Task brief
Can you quote the records below in full, word for word?

Records contained in a dataset:
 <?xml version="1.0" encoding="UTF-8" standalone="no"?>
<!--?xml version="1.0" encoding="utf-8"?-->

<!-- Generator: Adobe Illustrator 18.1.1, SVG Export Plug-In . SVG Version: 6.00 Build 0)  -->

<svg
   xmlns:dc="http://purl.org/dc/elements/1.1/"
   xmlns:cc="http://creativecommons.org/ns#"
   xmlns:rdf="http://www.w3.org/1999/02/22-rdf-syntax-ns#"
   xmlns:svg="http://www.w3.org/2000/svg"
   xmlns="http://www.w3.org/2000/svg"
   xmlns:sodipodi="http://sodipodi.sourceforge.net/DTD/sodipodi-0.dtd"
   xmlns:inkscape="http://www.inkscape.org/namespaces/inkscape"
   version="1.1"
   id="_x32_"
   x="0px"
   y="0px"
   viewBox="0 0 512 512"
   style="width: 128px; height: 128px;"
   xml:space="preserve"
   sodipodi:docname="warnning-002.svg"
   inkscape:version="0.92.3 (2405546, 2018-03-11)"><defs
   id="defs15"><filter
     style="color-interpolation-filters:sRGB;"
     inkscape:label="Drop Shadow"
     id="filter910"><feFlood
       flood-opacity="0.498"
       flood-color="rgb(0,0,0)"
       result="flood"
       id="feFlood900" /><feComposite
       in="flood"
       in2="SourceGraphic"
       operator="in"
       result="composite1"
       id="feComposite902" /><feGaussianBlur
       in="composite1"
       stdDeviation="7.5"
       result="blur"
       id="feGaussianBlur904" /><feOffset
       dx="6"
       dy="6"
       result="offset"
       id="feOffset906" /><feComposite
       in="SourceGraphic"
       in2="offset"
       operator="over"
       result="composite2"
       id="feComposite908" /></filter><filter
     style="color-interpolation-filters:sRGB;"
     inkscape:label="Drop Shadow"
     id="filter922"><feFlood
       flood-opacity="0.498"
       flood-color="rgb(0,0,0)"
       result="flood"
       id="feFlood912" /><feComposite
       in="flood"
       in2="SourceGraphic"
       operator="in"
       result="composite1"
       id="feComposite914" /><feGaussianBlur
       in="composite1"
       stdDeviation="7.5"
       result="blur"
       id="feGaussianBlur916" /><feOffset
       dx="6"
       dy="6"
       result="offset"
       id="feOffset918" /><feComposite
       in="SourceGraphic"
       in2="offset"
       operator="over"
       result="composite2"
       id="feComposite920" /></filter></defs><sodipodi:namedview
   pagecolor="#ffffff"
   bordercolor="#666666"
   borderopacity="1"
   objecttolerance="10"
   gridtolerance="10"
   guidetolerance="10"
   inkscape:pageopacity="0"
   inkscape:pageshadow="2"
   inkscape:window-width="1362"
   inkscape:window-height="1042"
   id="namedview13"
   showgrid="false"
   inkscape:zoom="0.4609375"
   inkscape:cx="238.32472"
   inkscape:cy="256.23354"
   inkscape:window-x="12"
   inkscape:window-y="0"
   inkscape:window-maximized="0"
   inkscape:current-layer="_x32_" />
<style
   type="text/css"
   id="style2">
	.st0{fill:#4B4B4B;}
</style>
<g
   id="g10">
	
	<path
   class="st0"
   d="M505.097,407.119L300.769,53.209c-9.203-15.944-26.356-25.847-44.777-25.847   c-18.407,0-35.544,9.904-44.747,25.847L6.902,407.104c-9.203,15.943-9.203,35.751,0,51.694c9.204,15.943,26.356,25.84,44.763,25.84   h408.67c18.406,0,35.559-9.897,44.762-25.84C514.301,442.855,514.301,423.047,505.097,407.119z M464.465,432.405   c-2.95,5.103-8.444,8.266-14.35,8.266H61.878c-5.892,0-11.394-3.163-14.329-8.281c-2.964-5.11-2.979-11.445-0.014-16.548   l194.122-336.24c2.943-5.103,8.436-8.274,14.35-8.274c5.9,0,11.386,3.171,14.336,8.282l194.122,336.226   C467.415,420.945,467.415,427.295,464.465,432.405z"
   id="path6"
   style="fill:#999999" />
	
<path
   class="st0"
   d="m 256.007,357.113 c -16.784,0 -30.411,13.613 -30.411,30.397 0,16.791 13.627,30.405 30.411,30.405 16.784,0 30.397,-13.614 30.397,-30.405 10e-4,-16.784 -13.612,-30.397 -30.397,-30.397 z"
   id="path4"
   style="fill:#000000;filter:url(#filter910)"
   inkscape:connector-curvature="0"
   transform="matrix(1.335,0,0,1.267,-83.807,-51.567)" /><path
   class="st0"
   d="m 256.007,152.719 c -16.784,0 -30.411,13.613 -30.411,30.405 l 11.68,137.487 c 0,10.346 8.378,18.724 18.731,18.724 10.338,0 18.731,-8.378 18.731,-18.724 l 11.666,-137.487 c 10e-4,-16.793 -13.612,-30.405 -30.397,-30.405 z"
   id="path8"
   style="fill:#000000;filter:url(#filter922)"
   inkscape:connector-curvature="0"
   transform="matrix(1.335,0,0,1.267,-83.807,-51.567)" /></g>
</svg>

Solved problem
 <?xml version="1.0" encoding="UTF-8" standalone="no"?>
<!--?xml version="1.0" encoding="utf-8"?-->

<!-- Generator: Adobe Illustrator 18.1.1, SVG Export Plug-In . SVG Version: 6.00 Build 0)  -->

<svg
   xmlns:dc="http://purl.org/dc/elements/1.1/"
   xmlns:cc="http://creativecommons.org/ns#"
   xmlns:rdf="http://www.w3.org/1999/02/22-rdf-syntax-ns#"
   xmlns:svg="http://www.w3.org/2000/svg"
   xmlns="http://www.w3.org/2000/svg"
   xmlns:sodipodi="http://sodipodi.sourceforge.net/DTD/sodipodi-0.dtd"
   xmlns:inkscape="http://www.inkscape.org/namespaces/inkscape"
   version="1.1"
   id="_x32_"
   x="0px"
   y="0px"
   viewBox="0 0 512 512"
   style="width: 128px; height: 128px;"
   xml:space="preserve"
   sodipodi:docname="warnning-002.svg"
   inkscape:version="0.92.3 (2405546, 2018-03-11)"><defs
   id="defs15"><filter
     style="color-interpolation-filters:sRGB;"
     inkscape:label="Drop Shadow"
     id="filter910"><feFlood
       flood-opacity="0.498"
       flood-color="rgb(0,0,0)"
       result="flood"
       id="feFlood900" /><feComposite
       in="flood"
       in2="SourceGraphic"
       operator="in"
       result="composite1"
       id="feComposite902" /><feGaussianBlur
       in="composite1"
       stdDeviation="7.5"
       result="blur"
       id="feGaussianBlur904" /><feOffset
       dx="6"
       dy="6"
       result="offset"
       id="feOffset906" /><feComposite
       in="SourceGraphic"
       in2="offset"
       operator="over"
       result="composite2"
       id="feComposite908" /></filter><filter
     style="color-interpolation-filters:sRGB;"
     inkscape:label="Drop Shadow"
     id="filter922"><feFlood
       flood-opacity="0.498"
       flood-color="rgb(0,0,0)"
       result="flood"
       id="feFlood912" /><feComposite
       in="flood"
       in2="SourceGraphic"
       operator="in"
       result="composite1"
       id="feComposite914" /><feGaussianBlur
       in="composite1"
       stdDeviation="7.5"
       result="blur"
       id="feGaussianBlur916" /><feOffset
       dx="6"
       dy="6"
       result="offset"
       id="feOffset918" /><feComposite
       in="SourceGraphic"
       in2="offset"
       operator="over"
       result="composite2"
       id="feComposite920" /></filter></defs><sodipodi:namedview
   pagecolor="#ffffff"
   bordercolor="#666666"
   borderopacity="1"
   objecttolerance="10"
   gridtolerance="10"
   guidetolerance="10"
   inkscape:pageopacity="0"
   inkscape:pageshadow="2"
   inkscape:window-width="1362"
   inkscape:window-height="1042"
   id="namedview13"
   showgrid="false"
   inkscape:zoom="0.4609375"
   inkscape:cx="238.32472"
   inkscape:cy="256.23354"
   inkscape:window-x="12"
   inkscape:window-y="0"
   inkscape:window-maximized="0"
   inkscape:current-layer="_x32_" />
<style
   type="text/css"
   id="style2">
	.st0{fill:#4B4B4B;}
</style>
<g
   id="g10">
	
	<path
   class="st0"
   d="M505.097,407.119L300.769,53.209c-9.203-15.944-26.356-25.847-44.777-25.847   c-18.407,0-35.544,9.904-44.747,25.847L6.902,407.104c-9.203,15.943-9.203,35.751,0,51.694c9.204,15.943,26.356,25.84,44.763,25.84   h408.67c18.406,0,35.559-9.897,44.762-25.84C514.301,442.855,514.301,423.047,505.097,407.119z M464.465,432.405   c-2.95,5.103-8.444,8.266-14.35,8.266H61.878c-5.892,0-11.394-3.163-14.329-8.281c-2.964-5.11-2.979-11.445-0.014-16.548   l194.122-336.24c2.943-5.103,8.436-8.274,14.35-8.274c5.9,0,11.386,3.171,14.336,8.282l194.122,336.226   C467.415,420.945,467.415,427.295,464.465,432.405z"
   id="path6"
   style="fill:#999999" />
	
<path
   class="st0"
   d="m 256.007,357.113 c -16.784,0 -30.411,13.613 -30.411,30.397 0,16.791 13.627,30.405 30.411,30.405 16.784,0 30.397,-13.614 30.397,-30.405 10e-4,-16.784 -13.612,-30.397 -30.397,-30.397 z"
   id="path4"
   style="fill:#000000;filter:url(#filter910)"
   inkscape:connector-curvature="0"
   transform="matrix(1.335,0,0,1.267,-83.807,-51.567)" /><path
   class="st0"
   d="m 256.007,152.719 c -16.784,0 -30.411,13.613 -30.411,30.405 l 11.68,137.487 c 0,10.346 8.378,18.724 18.731,18.724 10.338,0 18.731,-8.378 18.731,-18.724 l 11.666,-137.487 c 10e-4,-16.793 -13.612,-30.405 -30.397,-30.405 z"
   id="path8"
   style="fill:#000000;filter:url(#filter922)"
   inkscape:connector-curvature="0"
   transform="matrix(1.335,0,0,1.267,-83.807,-51.567)" /></g>
</svg>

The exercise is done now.